> DATA RECORDS:
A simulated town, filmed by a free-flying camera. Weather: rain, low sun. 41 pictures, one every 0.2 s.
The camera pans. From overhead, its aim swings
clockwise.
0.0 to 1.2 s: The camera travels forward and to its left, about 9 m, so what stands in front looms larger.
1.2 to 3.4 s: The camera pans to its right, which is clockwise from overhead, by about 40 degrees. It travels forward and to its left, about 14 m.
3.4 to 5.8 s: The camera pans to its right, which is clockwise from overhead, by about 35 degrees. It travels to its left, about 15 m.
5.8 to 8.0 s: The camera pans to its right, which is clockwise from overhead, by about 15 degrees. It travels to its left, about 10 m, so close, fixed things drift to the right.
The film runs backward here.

> EXERCISE AIM:
From first line to last, transcribe the material exactly.

> OUTPUT FOR THIS TASK:
A simulated town, filmed by a free-flying camera. Weather: rain, low sun. 41 pictures, one every 0.2 s.
The camera pans. From overhead, its aim swings
clockwise.
0.0 to 1.2 s: The camera travels forward and to its left, about 9 m, so what stands in front looms larger.
1.2 to 3.4 s: The camera pans to its right, which is clockwise from overhead, by about 40 degrees. It travels forward and to its left, about 14 m.
3.4 to 5.8 s: The camera pans to its right, which is clockwise from overhead, by about 35 degrees. It travels to its left, about 15 m.
5.8 to 8.0 s: The camera pans to its right, which is clockwise from overhead, by about 15 degrees. It travels to its left, about 10 m, so close, fixed things drift to the right.
The film runs backward here.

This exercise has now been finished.